The task »
Your reply should reproduce each entry exactly and contain no pictures.

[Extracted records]
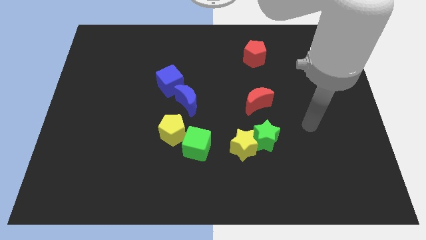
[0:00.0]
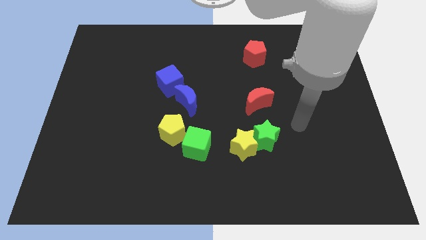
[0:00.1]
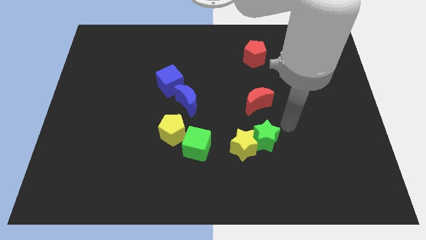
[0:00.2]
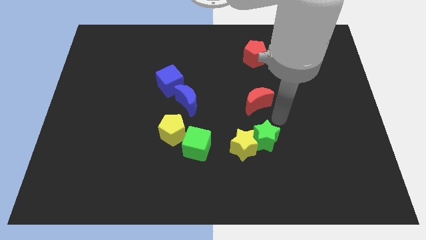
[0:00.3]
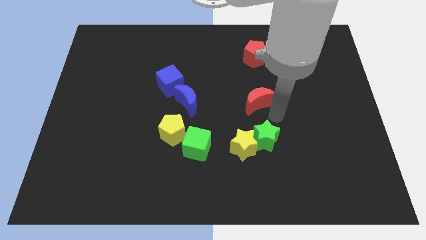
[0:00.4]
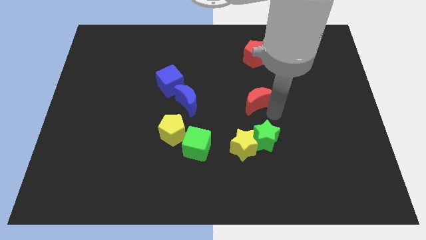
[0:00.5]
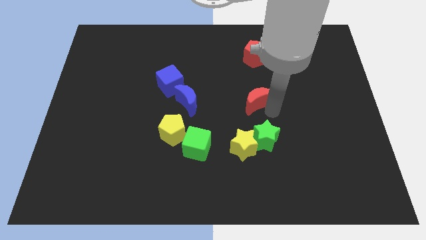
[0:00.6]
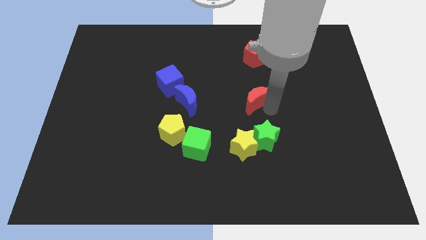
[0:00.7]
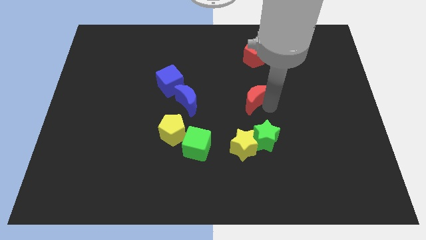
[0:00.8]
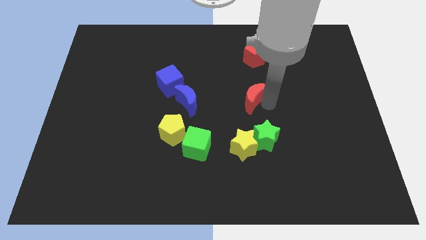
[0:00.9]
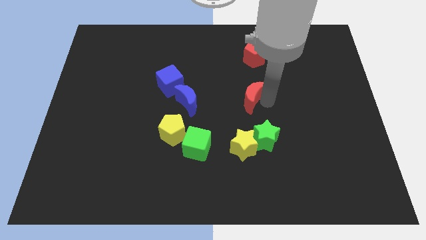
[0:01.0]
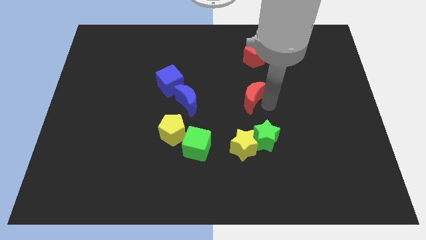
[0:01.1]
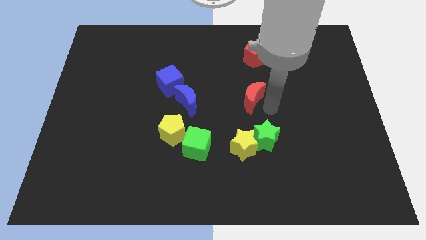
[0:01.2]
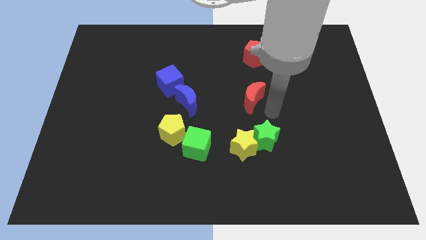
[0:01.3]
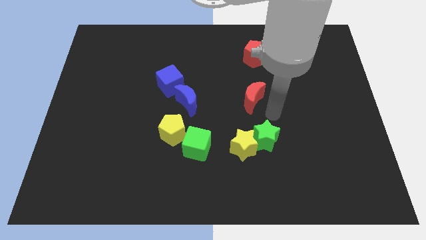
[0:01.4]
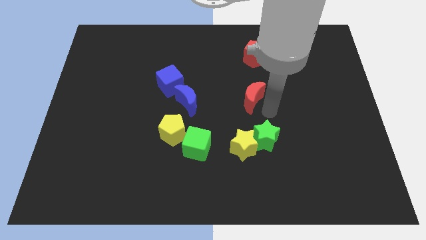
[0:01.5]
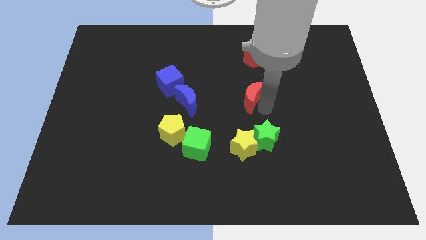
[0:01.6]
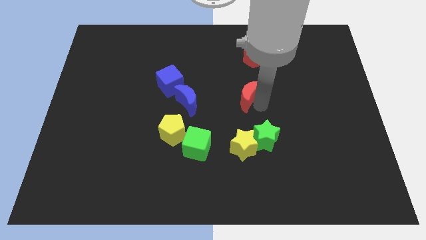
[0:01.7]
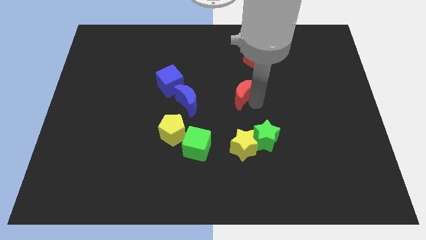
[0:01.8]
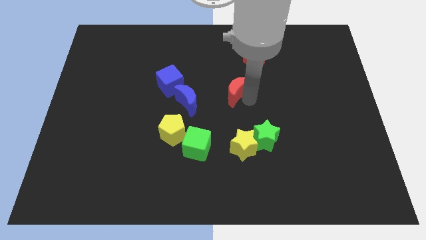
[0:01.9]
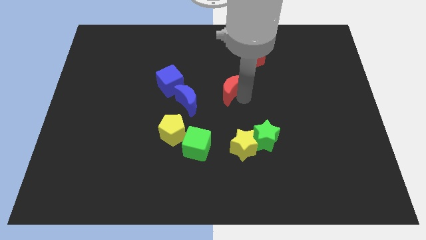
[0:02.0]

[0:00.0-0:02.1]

Response »
[0:00.0]
[0:00.1]
[0:00.2]
[0:00.3]
[0:00.4]
[0:00.5]
[0:00.6]
[0:00.7]
[0:00.8]
[0:00.9]
[0:01.0]
[0:01.1]
[0:01.2]
[0:01.3]
[0:01.4]
[0:01.5]
[0:01.6]
[0:01.7]
[0:01.8]
[0:01.9]
[0:02.0]

[0:00.0-0:02.1]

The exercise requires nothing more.